Нынешний век — это век болтунов, а не деятелей; и причина в том, что мир стареет. Мы так далеко продвинулись в искусствах и науках, что живем в ретроспективе и обожаем прошлые достижения. Накопление знаний было столь велико, что мы теряемся в изумлении перед высотой, которой оно достигло, вместо того чтобы пытаться взобраться на нее или добавить что-то к ней; в то время как разнообразие объектов отвлекает и ослепляет наблюдателя. Какая ниша остается незанятой? Какой путь не испробован? Какой смысл что-то делать, если мы не можем сделать лучше всех тех, кто был до нас? Какая есть надежда на это? Мы подобны тем, кто пришел посмотреть на какой-нибудь благородный памятник искусства, кто довольствуется восхищением, не думая соперничать с ним; или подобны гостям после пира, которые хвалят гостеприимство хозяина «и благодарят щедрого Пана» — возможно, унося с собой какие-то пустяковые фрагменты; или подобны зрителям великой битвы, которые все еще слышат ее звук издалека, и лязг доспехов, и ржание боевого коня, и крик победы звучит в их ушах, словно шум бесчисленных вод!

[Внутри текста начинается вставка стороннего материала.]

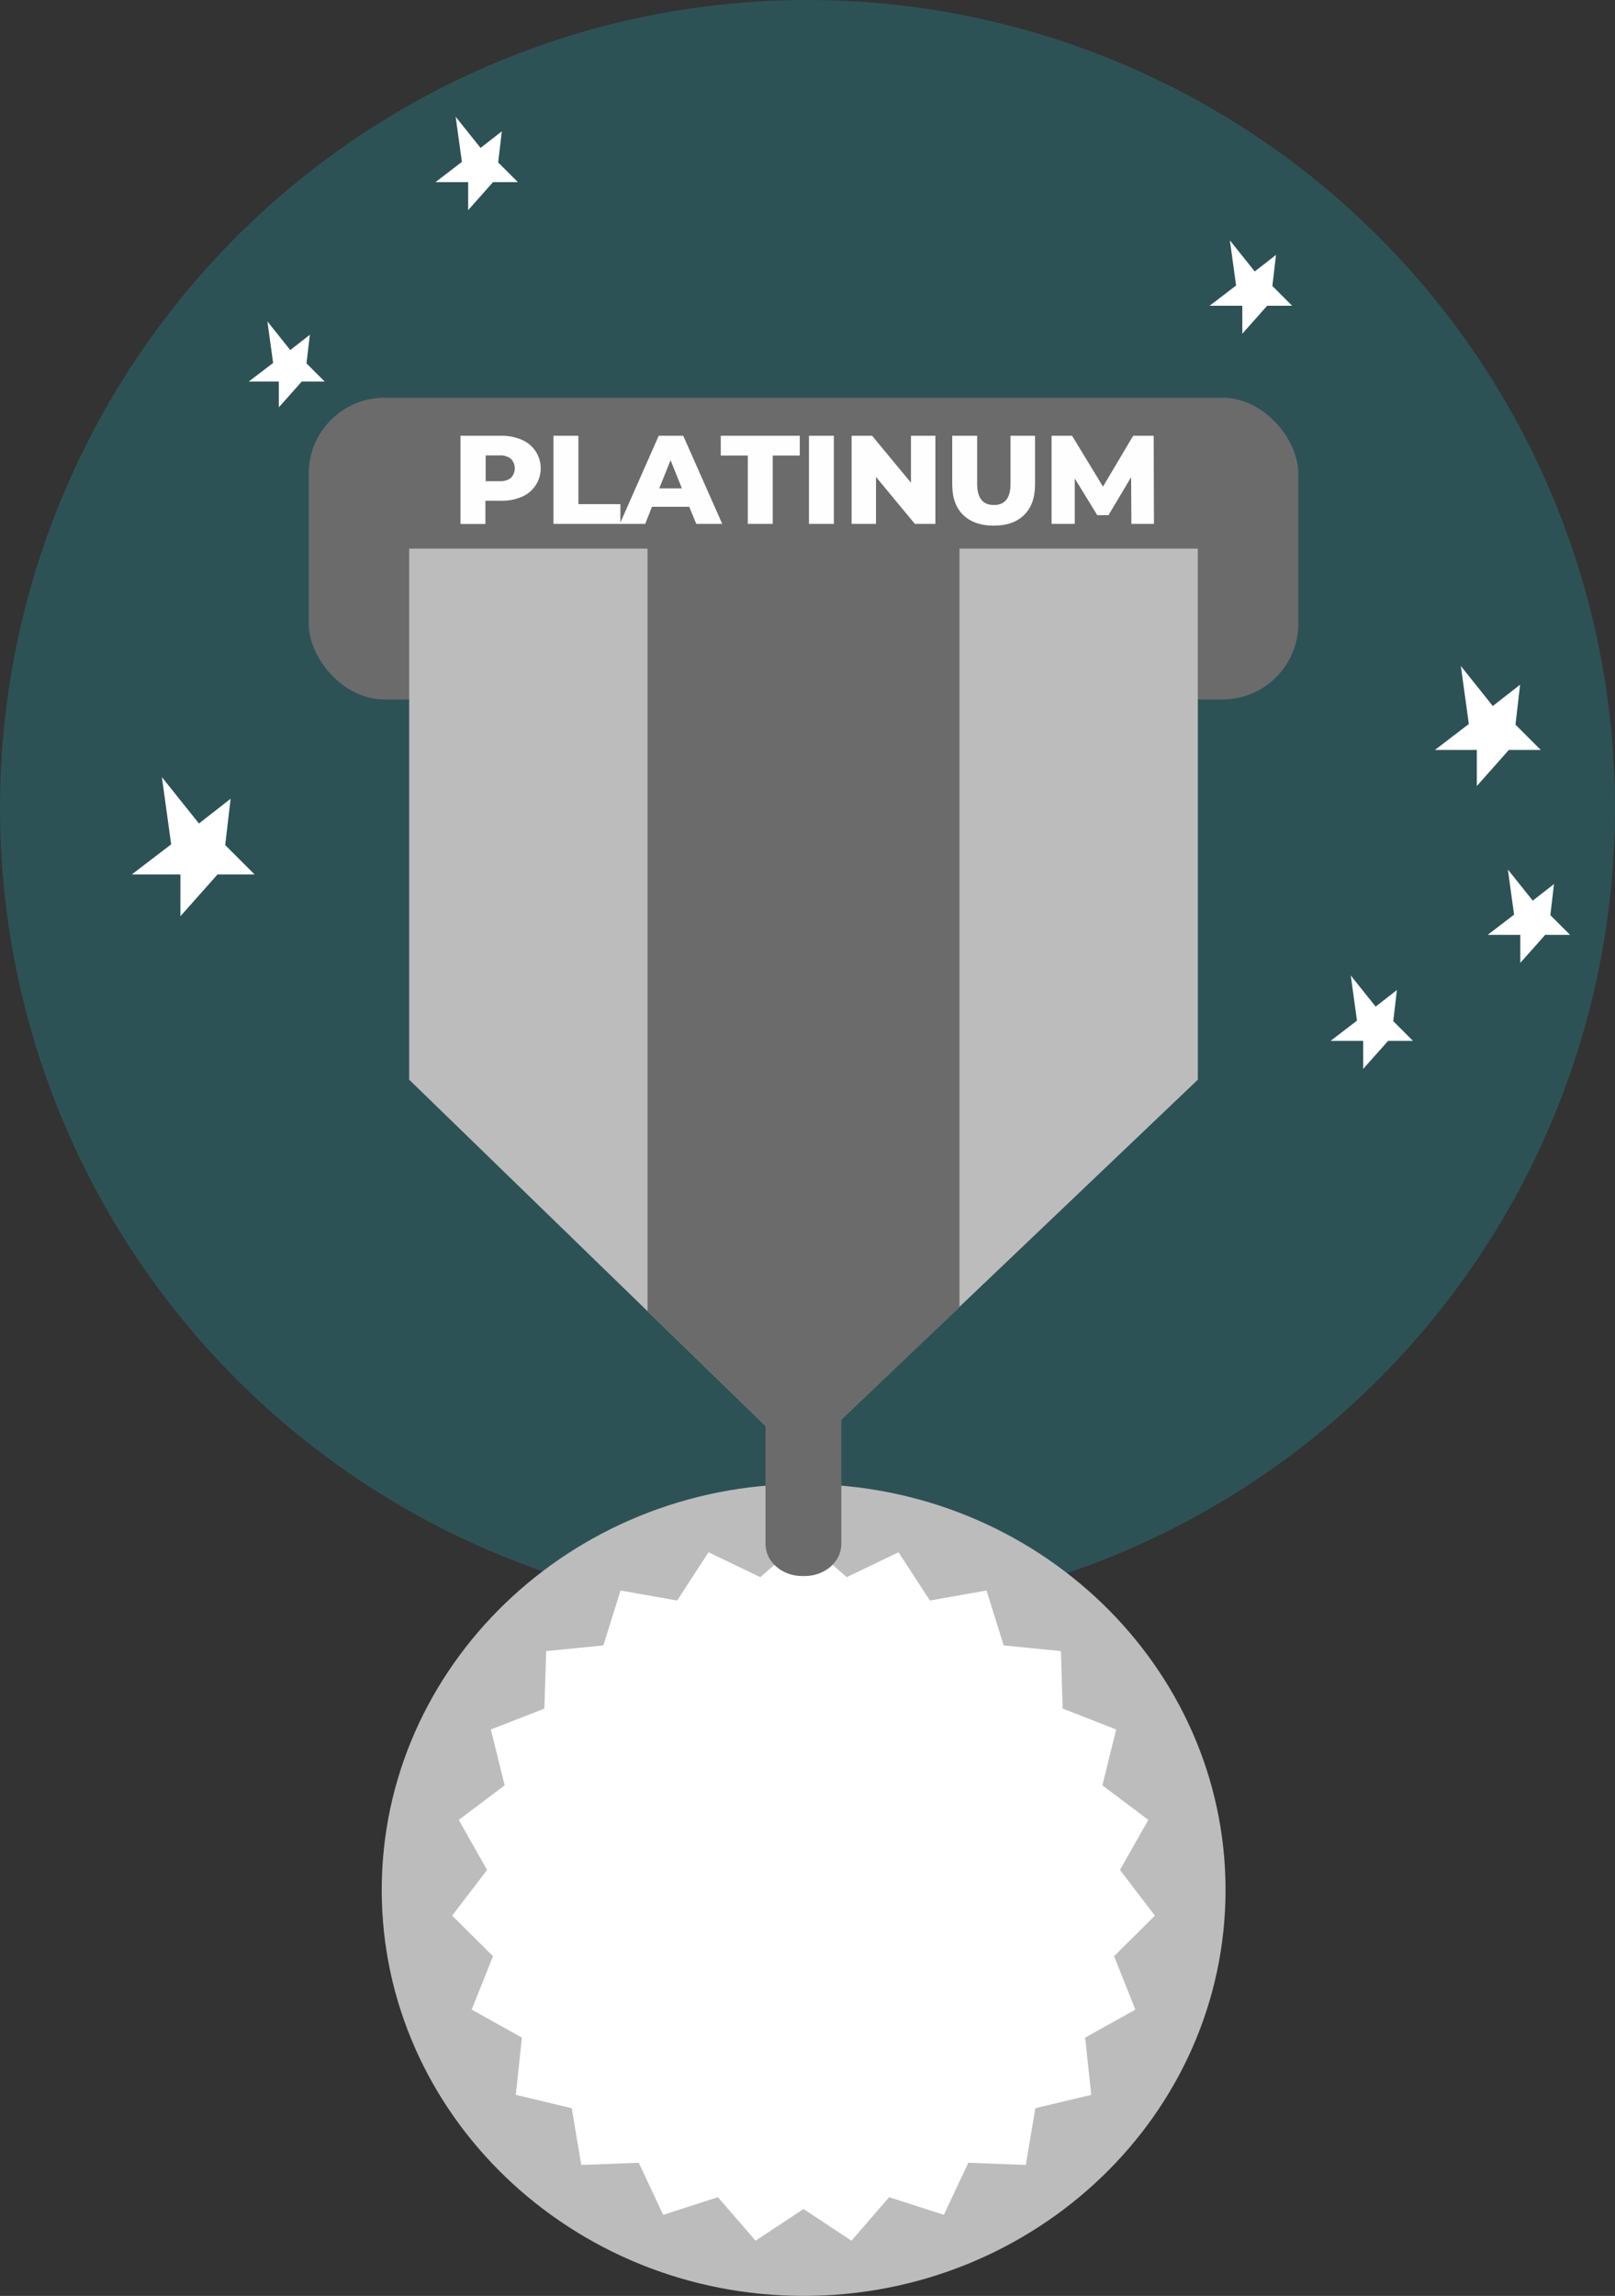 <svg xmlns="http://www.w3.org/2000/svg" viewBox="0 0 418 593.87"><rect x="0" y="0" width="418" height="593.87" fill="#333333" stroke="none"/><defs><style>.cls-1{fill:#19b4c6;opacity:.24}.cls-2{fill:#fff}.cls-3{fill:#6b6b6b}.cls-4{fill:#bcbcbc}.cls-5{fill:#fffefe}</style></defs><title>medal-platinum</title><g id="Layer_2" data-name="Layer 2"><g id="Layer_1-2" data-name="Layer 1"><circle class="cls-1" cx="209" cy="209" r="209"/><path class="cls-2" d="M324.76 70.22l-6.44-8.05 1.61 11.68-6.84 5.23h8.45v7.24l6.44-7.24h6.44l-5.1-5.1.94-8.05-5.5 4.29zM124.38 38.26l-6.44-8.05 1.61 11.67-6.84 5.23h8.46v7.25l6.44-7.25h6.43l-5.1-5.09.94-8.05-5.5 4.29zM396.71 232.97l-6.44-8.06 1.61 11.68-6.84 5.23h8.45v7.24l6.44-7.24h6.44l-5.1-5.1.94-8.05-5.5 4.3zM356.05 260.38l-6.44-8.05 1.61 11.67-6.84 5.24h8.45v7.24l6.44-7.24h6.44l-5.1-5.1.94-8.05-5.5 4.29zM51.49 213.01l-9.59-12 2.4 17.39-10.19 7.79H46.7v10.8l9.6-10.8h9.59l-7.6-7.59 1.4-11.99-8.2 6.4zM386.37 182.62l-8.27-10.35 2.07 15-8.79 6.72h10.86v9.32l8.28-9.32h8.27l-6.55-6.55 1.2-10.34-7.07 5.52zM75.13 90.55l-5.92-7.41 1.48 10.74-6.3 4.81h7.78v6.67l5.93-6.67h5.93L79.33 94l.87-7.41-5.07 3.96z"/><rect class="cls-3" x="79.9" y="102.88" width="256.13" height="78.05" rx="19.63"/><path class="cls-4" d="M206.99 377.41l-101.08-98.13V140.59h204.12v138.69l-103.04 98.13z"/><path class="cls-3" d="M206.99 377.41l-39.39-38.24V140.59h80.74v197.57l-41.35 39.25z"/><path class="cls-4" d="M208 593.87c-60.21 0-109.2-47.11-109.2-105s49-105 109.2-105 109.2 47.09 109.2 105-49 105-109.2 105"/><path class="cls-2" d="M207.97 398.14l11.18 9.82 13.41-6.44 8.12 12.48 14.65-2.59 4.45 14.2 14.81 1.47.45 14.87 13.86 5.41-3.58 14.44 11.89 8.95-7.34 12.94 9.04 11.82L288.35 506l5.51 13.82-13 7.24 1.58 14.8-14.47 3.46L265.5 560l-14.87-.57-6.34 13.47-14.17-4.56-9.74 11.26-12.41-8.21-12.41 8.21-9.74-11.26-14.17 4.56-6.33-13.47-14.87.57-2.47-14.68-14.48-3.46 1.58-14.8-13-7.24L127.6 506l-10.57-10.49 9.04-11.82-7.34-12.94 11.89-8.95-3.58-14.44 13.86-5.41.46-14.87 14.8-1.47 4.45-14.2 14.65 2.59 8.12-12.48 13.41 6.44 11.18-9.82z"/><path class="cls-2" d="M282.44 488.87c0 39.64-33.34 71.78-74.47 71.78s-74.47-32.14-74.47-71.78 33.34-71.78 74.47-71.78 74.47 32.14 74.47 71.78"/><path class="cls-3" d="M101.42 127.99h213.09v13.92H101.42zM217.76 399.36c0 4.59-4.26 8.31-9.51 8.31h-.61c-5.25 0-9.51-3.72-9.51-8.31V357.1c0-4.59 4.26-8.31 9.51-8.31h.61c5.25 0 9.51 3.72 9.51 8.31z"/><path class="cls-5" d="M135 113.74a8 8 0 0 1 0 14.79 13.06 13.06 0 0 1-5.37 1h-4v6h-6.45v-22.81h10.42a13.06 13.06 0 0 1 5.4 1.02zm-2.76 9.87a3.54 3.54 0 0 0 0-4.93 4.46 4.46 0 0 0-3-.88h-3.54v6.67h3.58a4.57 4.57 0 0 0 3-.86zM143.25 112.72h6.45v17.68h10.87v5.11h-17.32z"/><path class="cls-5" d="M178.38 131.08h-9.64l-1.74 4.43h-6.58l10.07-22.79h6.35l10.09 22.79h-6.71zm-1.89-4.75l-2.93-7.3-2.93 7.3zM193.55 117.83h-7v-5.11H207v5.11h-7v17.68h-6.45zM209.38 112.72h6.44v22.79h-6.44zM242.1 112.72v22.79h-5.31l-10.06-12.14v12.14h-6.31v-22.79h5.3l10.06 12.14v-12.14zM249.28 133.2c-1.88-1.85-2.82-4.46-2.82-7.85v-12.63h6.45v12.44c0 3.64 1.44 5.47 4.33 5.47s4.3-1.83 4.3-5.47v-12.44h6.35v12.63c0 3.39-.94 6-2.82 7.85s-4.51 2.77-7.89 2.77-6.02-.97-7.9-2.77zM292.83 135.51l-.07-12.08-5.86 9.83H284l-5.83-9.5v11.75h-6v-22.79h5.31l8 13.15 7.81-13.15h5.31l.07 22.79z"/></g></g></svg>

Мистер Кольридж обладает «умом, отражающим минувшие века»; его голос подобен эху совокупного рева «темного прошлого и бездны» мысли. Тот, кто видел разрушающуюся башню у хрустального озера, скрытую туманом, но сверкающую в волнах внизу, может представить тусклый, мерцающий, неопределенный блеск его глаз: тот, кто замечал вечерние облака, свернувшиеся в клубки (мир испарений), видел картину его ума, неземную, бестелесную, с великолепными оттенками и вечно меняющимися формами —

Ум нашего автора (как мог бы выразиться он сам) тангенциален. Нет предмета, которого он не коснулся бы, нет того, на котором он остановился бы. Обладая пониманием плодотворным, тонким, экспансивным, «быстрым, творческим, восприимчивым», превосходящим все живые прецеденты, мало следов его, возможно, останется. Он поддается всем впечатлениям одинаково; он не отдает свой ум и свободу мысли никому. Он всеобщий любитель искусства и науки и не связан ни с чем в частности. Он преследует знание как любовницу, с распростертыми руками и крылатой скоростью; но как только он собирается обнять ее, его Дафна превращается — увы! — не в лавр! Едва ли найдется умозрение, оставшееся в записи с древнейших времен, которое не было бы небрежно свернуто в памяти мистера Кольриджа, словно богатый, но несколько потрепанный кусок гобелена: мы могли бы добавить (с большей кажущейся, чем реальной экстравагантностью), что едва ли мысль может пройти через ум человека, как ее звук когда-либо пролетал над его головой с шелестящими крыльями. О каком бы вопросе или авторе вы ни заговорили, он готов подхватить тему с преимуществом — от Петра Абеляра до Томаса Мура, от тончайшей метафизики до политики «Курьера». Нет человека гениального, чьими похвалами он рассыпается, но критик кажется стоящим выше автора, и «то, что в нем слабо, укрепить, то, что низко, поднять и поддержать»: и нет произведения гения, которое не выходило бы из его рук, как иллюминированный миссал, сверкающий даже в своих недостатках. Если бы мистер Кольридж не был самым впечатляющим болтуном своего века, он, вероятно, был бы прекраснейшим писателем; но он откладывает перо, чтобы обеспечить себе слушателя, и закладывает восхищение потомков ради пристального взгляда бездельника. Если бы он не был поэтом, он был бы могучим логиком; если бы он не окунул свое крыло в унитарианские споры, он мог бы взлететь к самой вершине фантазии. Но в написании стихов он пытается подчинить Музу трансцендентальным теориям: в своих абстрактных рассуждениях он сбивается с пути, усеивая его цветами. Все, что он сделал значительного, он сделал двадцать лет назад: с тех пор можно сказать, что он жил звуком собственного голоса. Мистер Кольридж слишком богат интеллектуальным капиталом, чтобы нуждаться в том, чтобы обременять себя какой-либо черной работой: ему достаточно раздвинуть слайды своего воображения, и тысячи предметов разворачиваются перед ним, поражая его своим блеском или теряясь в бесконечной неясности —

‘That which was now a horse, even with a thought

The rack dislimns, and makes it indistinct

As water is in water.’

Что значат те крохи, которые он мог бы добавить к запасу, по сравнению с бесчисленными сокровищами, лежащими вокруг него, чтобы он склонился подобрать имя или отполировать праздную фантазию? Он шествует в величии вселенского понимания, взирая на «богатый берег» или золотое небо над собой, и «продолжает звучать на своем пути» красноречивыми акцентами, непринужденно и свободно!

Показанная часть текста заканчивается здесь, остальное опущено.